## Exercise prompt:
Would you write out the entries that follow word for word, omitting any images?
____ Data for this task
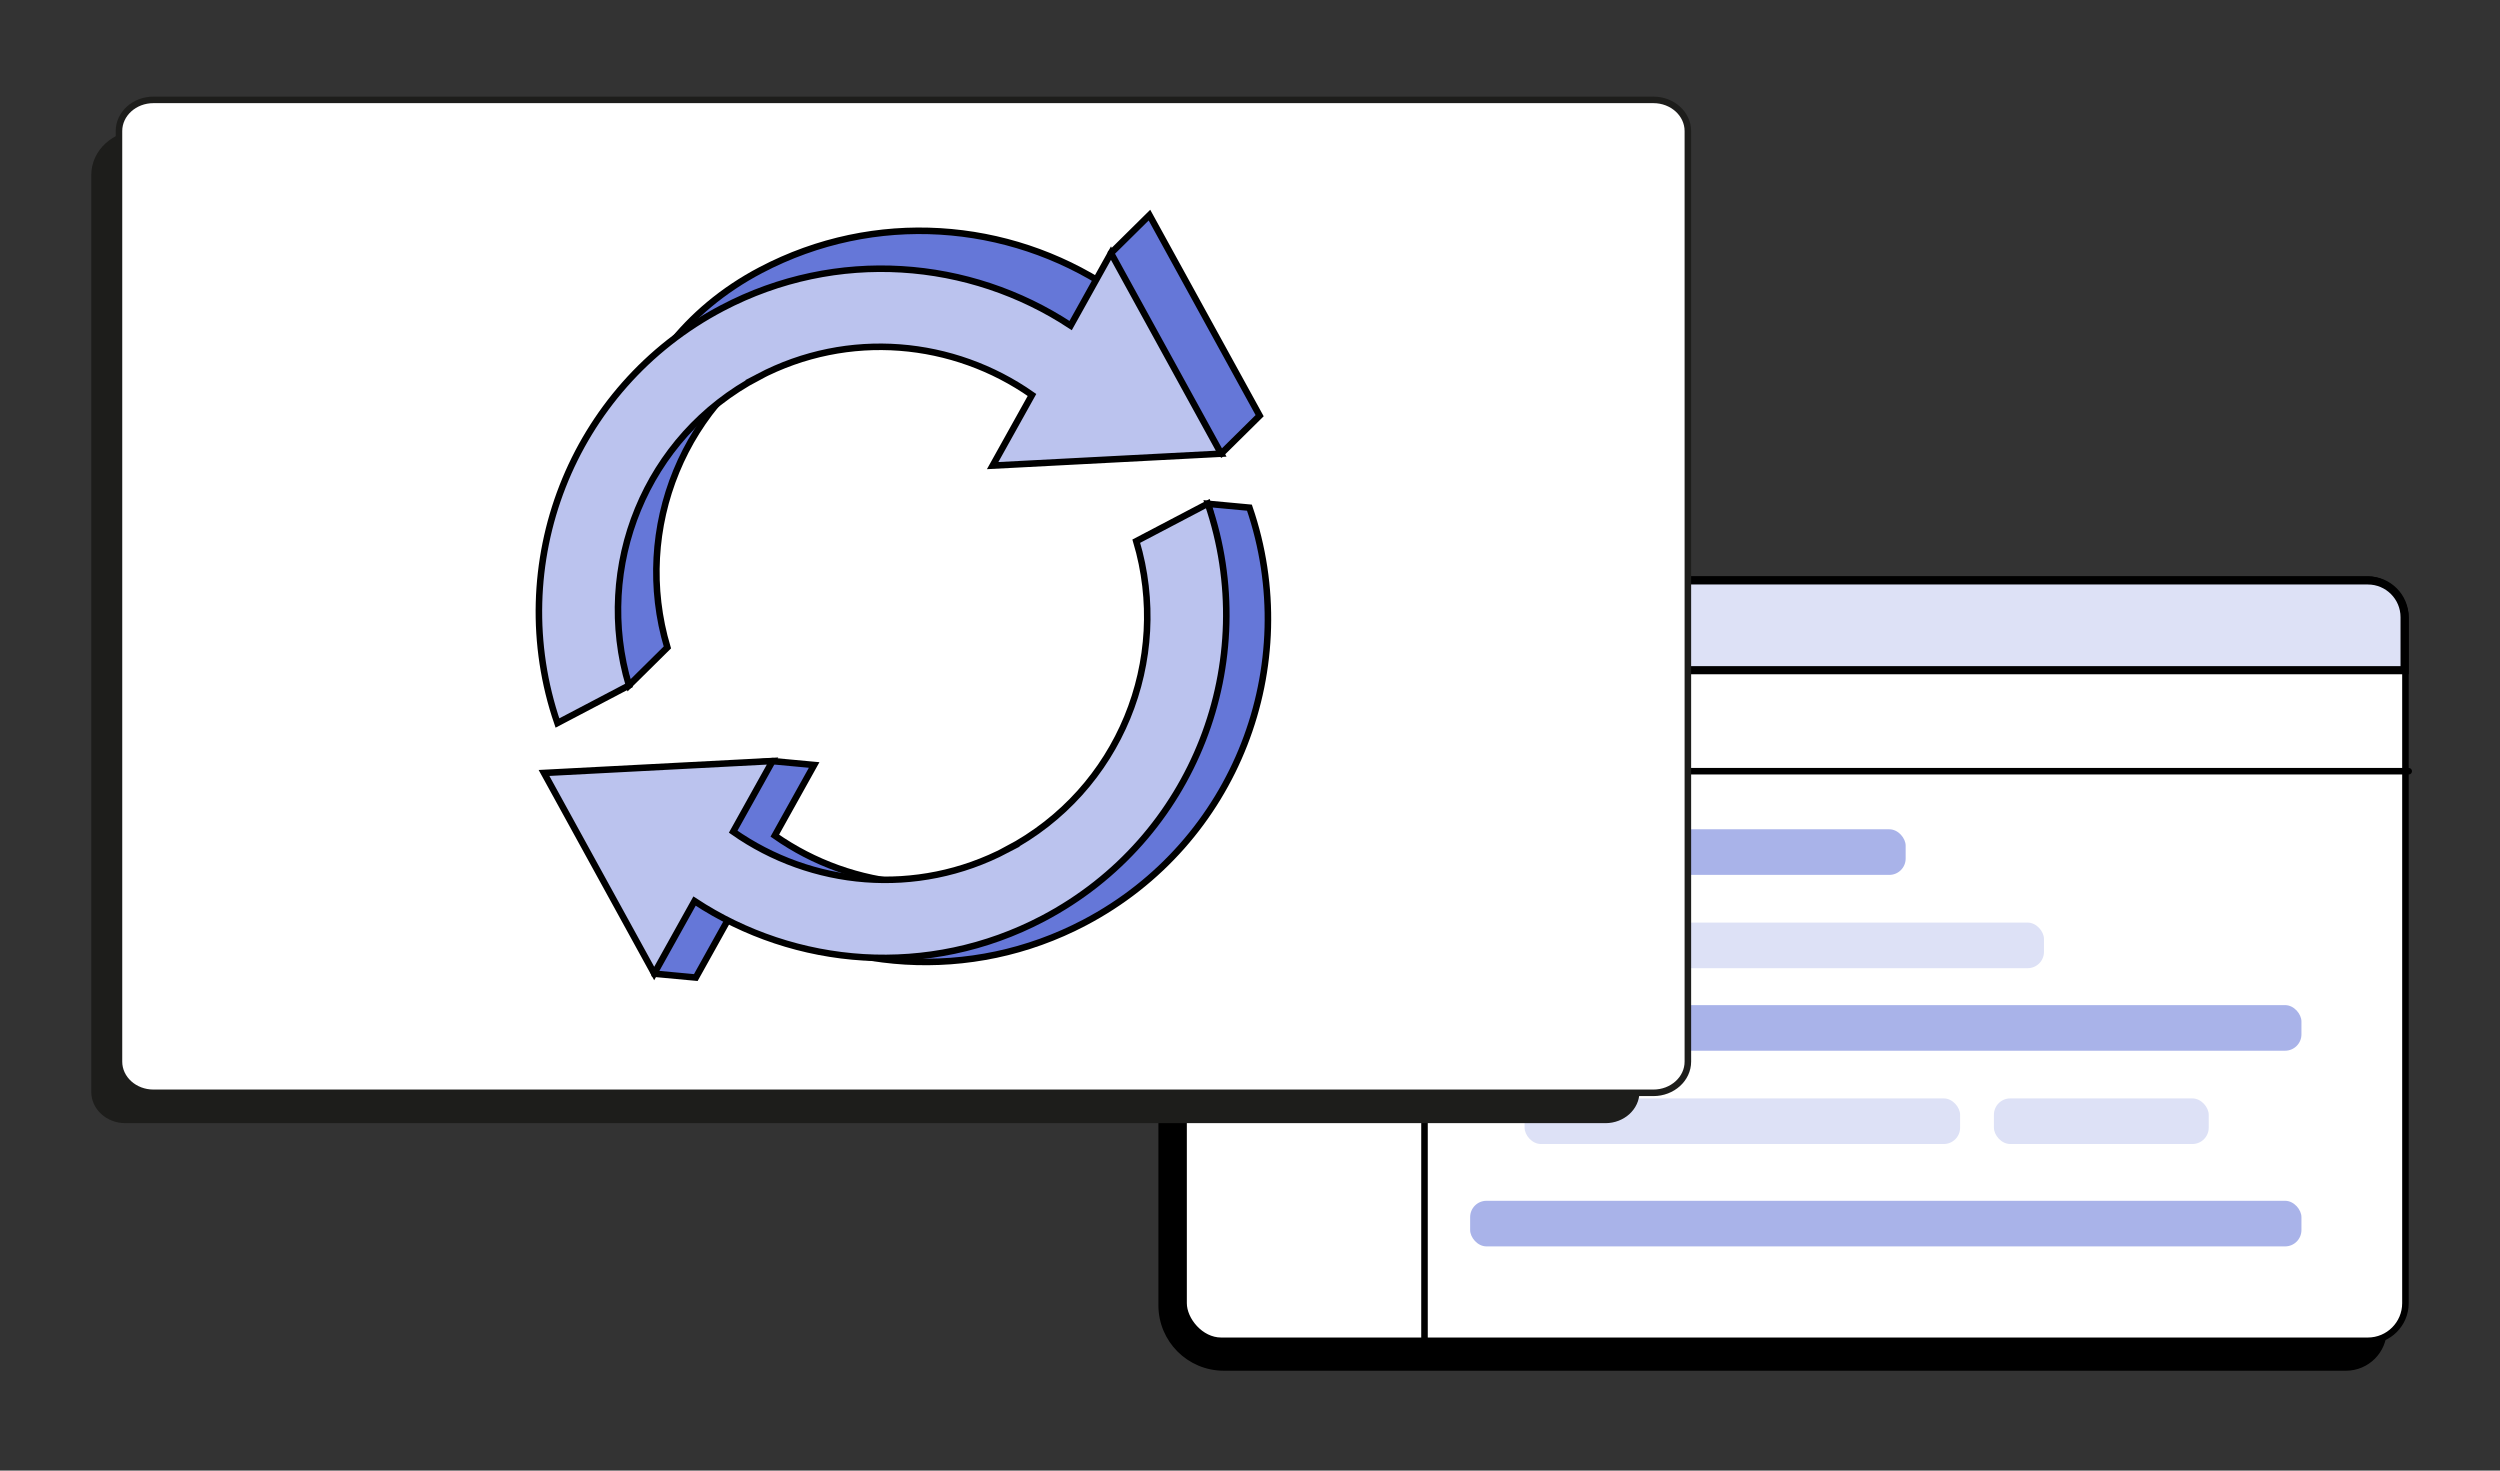 <svg width="306" height="180" viewBox="0 0 306 180" fill="none" xmlns="http://www.w3.org/2000/svg">
<rect x="0" y="0" width="306" height="180" fill="#333333" stroke="none"/>
<path d="M142.189 78.805C142.189 76.265 144.249 74.205 146.789 74.205H287.146C289.686 74.205 291.746 76.265 291.746 78.805V162.776C291.746 165.316 289.686 167.376 287.146 167.376H149.789C145.592 167.376 142.189 163.973 142.189 159.776V78.805Z" fill="black" stroke="black" stroke-width="0.8"/>
<rect x="144.869" y="70.942" width="149.557" height="93.171" rx="4.6" fill="white" stroke="black" stroke-width="0.8"/>
<path d="M144.969 75.542C144.969 73.057 146.983 71.042 149.469 71.042H289.825C292.311 71.042 294.325 73.057 294.325 75.542V82.032H144.969V75.542Z" fill="#DDE1F6" stroke="black"/>
<circle cx="152.373" cy="76.538" r="2.332" fill="#7686DC" stroke="black" stroke-width="0.8"/>
<circle cx="160.17" cy="76.538" r="2.332" fill="#7686DC" stroke="black" stroke-width="0.8"/>
<circle cx="167.959" cy="76.538" r="2.332" fill="#7686DC" stroke="black" stroke-width="0.8"/>
<path d="M174.359 82.234V163.996" stroke="black" stroke-width="0.8" stroke-linecap="round"/>
<path d="M174.359 94.397L294.825 94.397" stroke="black" stroke-width="0.8" stroke-linecap="round"/>
<rect x="179.945" y="101.505" width="53.307" height="5.582" rx="2" fill="#A9B3E9"/>
<rect x="196.875" y="112.925" width="53.307" height="5.582" rx="2" fill="#DDE1F6"/>
<rect x="186.609" y="134.446" width="53.307" height="5.582" rx="2" fill="#DDE1F6"/>
<rect x="244.055" y="134.446" width="26.293" height="5.582" rx="2" fill="#DDE1F6"/>
<rect x="179.945" y="123.026" width="101.751" height="5.582" rx="2" fill="#A9B3E9"/>
<rect x="179.945" y="146.977" width="101.751" height="5.582" rx="2" fill="#A9B3E9"/>
<path d="M15.336 137.475H196.506C198.803 137.475 200.671 135.761 200.671 133.656V19.757C200.671 17.651 198.803 15.938 196.506 15.938H17.15C13.851 15.938 11.172 18.39 11.172 21.415V133.656C11.172 135.761 13.04 137.475 15.336 137.475Z" fill="#1D1D1B"/>
<path d="M202.376 133.761H18.782C16.449 133.761 14.562 132.048 14.562 129.943V16.043C14.562 13.938 16.449 12.225 18.782 12.225H202.376C204.708 12.225 206.595 13.938 206.595 16.043V129.943C206.595 132.048 204.708 133.761 202.376 133.761Z" fill="white" stroke="#1D1D1B" stroke-width="0.8" stroke-miterlimit="10"/>
<path d="M97.532 41.485C108.594 35.669 121.455 36.975 131.024 43.691L149.472 55.532L154.18 50.879L140.692 26.33L135.985 30.983L135.754 35.208C123.409 27.076 107.134 25.694 93.109 33.068C74.508 42.846 70.371 64.618 76.978 83.9L81.686 79.246C77.362 64.761 83.661 48.794 97.532 41.485Z" fill="#6577D8"/>
<path d="M97.532 41.485C108.594 35.669 121.455 36.975 131.024 43.691L149.472 55.532L154.18 50.879L140.692 26.33L135.985 30.983L135.754 35.208C123.409 27.076 107.134 25.694 93.109 33.068C74.508 42.846 70.371 64.618 76.978 83.9L81.686 79.246C77.362 64.761 83.661 48.794 97.532 41.485Z" stroke="black" stroke-width="0.8" stroke-miterlimit="10"/>
<path d="M92.824 46.138C103.885 40.321 116.747 41.627 126.316 48.343L121.499 56.991L149.471 55.531L135.984 30.982L131.046 39.849C118.7 31.718 102.426 30.335 88.401 37.709C69.8 47.487 61.614 69.216 68.231 88.497L76.988 83.899C72.665 69.413 78.963 53.446 92.835 46.138H92.824Z" fill="#BBC3EE"/>
<path d="M92.824 46.138C103.885 40.321 116.747 41.627 126.316 48.343L121.499 56.991L149.471 55.531L135.984 30.982L131.046 39.849C118.7 31.718 102.426 30.335 88.401 37.709C69.8 47.487 61.614 69.216 68.231 88.497L76.988 83.899C72.665 69.413 78.963 53.446 92.835 46.138H92.824Z" stroke="black" stroke-width="0.8" stroke-miterlimit="10"/>
<path d="M128.327 104.487C117.266 110.303 104.404 108.997 94.835 102.281L99.652 93.634L94.571 93.162L71.68 95.104L80.086 119.181L85.167 119.653L90.105 110.786C102.451 118.918 118.725 120.3 132.75 112.926C151.351 103.148 159.537 81.42 152.931 62.138L147.85 61.666C152.174 76.152 142.209 97.211 128.327 104.498V104.487Z" fill="#6577D8" stroke="black" stroke-width="0.8" stroke-miterlimit="10"/>
<path d="M123.234 104.004C112.172 109.82 99.31 108.514 89.741 101.798L94.559 93.15L66.586 94.61L80.073 119.159L85.011 110.292C97.357 118.423 113.631 119.806 127.656 112.432C146.257 102.654 154.443 80.925 147.837 61.644L139.08 66.242C143.404 80.728 137.105 96.695 123.223 104.004H123.234Z" fill="#BBC3EE"/>
<path d="M123.234 104.004C112.172 109.82 99.31 108.514 89.741 101.798L94.559 93.15L66.586 94.61L80.073 119.159L85.011 110.292C97.357 118.423 113.631 119.806 127.656 112.432C146.257 102.654 154.443 80.925 147.837 61.644L139.08 66.242C143.404 80.728 137.105 96.695 123.223 104.004H123.234Z" stroke="black" stroke-width="0.8" stroke-miterlimit="10"/>
</svg>
________
## Written reply:
 <svg width="306" height="180" viewBox="0 0 306 180" fill="none" xmlns="http://www.w3.org/2000/svg">
<rect x="0" y="0" width="306" height="180" fill="#333333" stroke="none"/>
<path d="M142.189 78.805C142.189 76.265 144.249 74.205 146.789 74.205H287.146C289.686 74.205 291.746 76.265 291.746 78.805V162.776C291.746 165.316 289.686 167.376 287.146 167.376H149.789C145.592 167.376 142.189 163.973 142.189 159.776V78.805Z" fill="black" stroke="black" stroke-width="0.8"/>
<rect x="144.869" y="70.942" width="149.557" height="93.171" rx="4.6" fill="white" stroke="black" stroke-width="0.8"/>
<path d="M144.969 75.542C144.969 73.057 146.983 71.042 149.469 71.042H289.825C292.311 71.042 294.325 73.057 294.325 75.542V82.032H144.969V75.542Z" fill="#DDE1F6" stroke="black"/>
<circle cx="152.373" cy="76.538" r="2.332" fill="#7686DC" stroke="black" stroke-width="0.8"/>
<circle cx="160.17" cy="76.538" r="2.332" fill="#7686DC" stroke="black" stroke-width="0.8"/>
<circle cx="167.959" cy="76.538" r="2.332" fill="#7686DC" stroke="black" stroke-width="0.8"/>
<path d="M174.359 82.234V163.996" stroke="black" stroke-width="0.8" stroke-linecap="round"/>
<path d="M174.359 94.397L294.825 94.397" stroke="black" stroke-width="0.8" stroke-linecap="round"/>
<rect x="179.945" y="101.505" width="53.307" height="5.582" rx="2" fill="#A9B3E9"/>
<rect x="196.875" y="112.925" width="53.307" height="5.582" rx="2" fill="#DDE1F6"/>
<rect x="186.609" y="134.446" width="53.307" height="5.582" rx="2" fill="#DDE1F6"/>
<rect x="244.055" y="134.446" width="26.293" height="5.582" rx="2" fill="#DDE1F6"/>
<rect x="179.945" y="123.026" width="101.751" height="5.582" rx="2" fill="#A9B3E9"/>
<rect x="179.945" y="146.977" width="101.751" height="5.582" rx="2" fill="#A9B3E9"/>
<path d="M15.336 137.475H196.506C198.803 137.475 200.671 135.761 200.671 133.656V19.757C200.671 17.651 198.803 15.938 196.506 15.938H17.15C13.851 15.938 11.172 18.39 11.172 21.415V133.656C11.172 135.761 13.04 137.475 15.336 137.475Z" fill="#1D1D1B"/>
<path d="M202.376 133.761H18.782C16.449 133.761 14.562 132.048 14.562 129.943V16.043C14.562 13.938 16.449 12.225 18.782 12.225H202.376C204.708 12.225 206.595 13.938 206.595 16.043V129.943C206.595 132.048 204.708 133.761 202.376 133.761Z" fill="white" stroke="#1D1D1B" stroke-width="0.8" stroke-miterlimit="10"/>
<path d="M97.532 41.485C108.594 35.669 121.455 36.975 131.024 43.691L149.472 55.532L154.18 50.879L140.692 26.33L135.985 30.983L135.754 35.208C123.409 27.076 107.134 25.694 93.109 33.068C74.508 42.846 70.371 64.618 76.978 83.9L81.686 79.246C77.362 64.761 83.661 48.794 97.532 41.485Z" fill="#6577D8"/>
<path d="M97.532 41.485C108.594 35.669 121.455 36.975 131.024 43.691L149.472 55.532L154.18 50.879L140.692 26.33L135.985 30.983L135.754 35.208C123.409 27.076 107.134 25.694 93.109 33.068C74.508 42.846 70.371 64.618 76.978 83.9L81.686 79.246C77.362 64.761 83.661 48.794 97.532 41.485Z" stroke="black" stroke-width="0.8" stroke-miterlimit="10"/>
<path d="M92.824 46.138C103.885 40.321 116.747 41.627 126.316 48.343L121.499 56.991L149.471 55.531L135.984 30.982L131.046 39.849C118.7 31.718 102.426 30.335 88.401 37.709C69.8 47.487 61.614 69.216 68.231 88.497L76.988 83.899C72.665 69.413 78.963 53.446 92.835 46.138H92.824Z" fill="#BBC3EE"/>
<path d="M92.824 46.138C103.885 40.321 116.747 41.627 126.316 48.343L121.499 56.991L149.471 55.531L135.984 30.982L131.046 39.849C118.7 31.718 102.426 30.335 88.401 37.709C69.8 47.487 61.614 69.216 68.231 88.497L76.988 83.899C72.665 69.413 78.963 53.446 92.835 46.138H92.824Z" stroke="black" stroke-width="0.8" stroke-miterlimit="10"/>
<path d="M128.327 104.487C117.266 110.303 104.404 108.997 94.835 102.281L99.652 93.634L94.571 93.162L71.68 95.104L80.086 119.181L85.167 119.653L90.105 110.786C102.451 118.918 118.725 120.3 132.75 112.926C151.351 103.148 159.537 81.42 152.931 62.138L147.85 61.666C152.174 76.152 142.209 97.211 128.327 104.498V104.487Z" fill="#6577D8" stroke="black" stroke-width="0.8" stroke-miterlimit="10"/>
<path d="M123.234 104.004C112.172 109.82 99.31 108.514 89.741 101.798L94.559 93.15L66.586 94.61L80.073 119.159L85.011 110.292C97.357 118.423 113.631 119.806 127.656 112.432C146.257 102.654 154.443 80.925 147.837 61.644L139.08 66.242C143.404 80.728 137.105 96.695 123.223 104.004H123.234Z" fill="#BBC3EE"/>
<path d="M123.234 104.004C112.172 109.82 99.31 108.514 89.741 101.798L94.559 93.15L66.586 94.61L80.073 119.159L85.011 110.292C97.357 118.423 113.631 119.806 127.656 112.432C146.257 102.654 154.443 80.925 147.837 61.644L139.08 66.242C143.404 80.728 137.105 96.695 123.223 104.004H123.234Z" stroke="black" stroke-width="0.8" stroke-miterlimit="10"/>
</svg>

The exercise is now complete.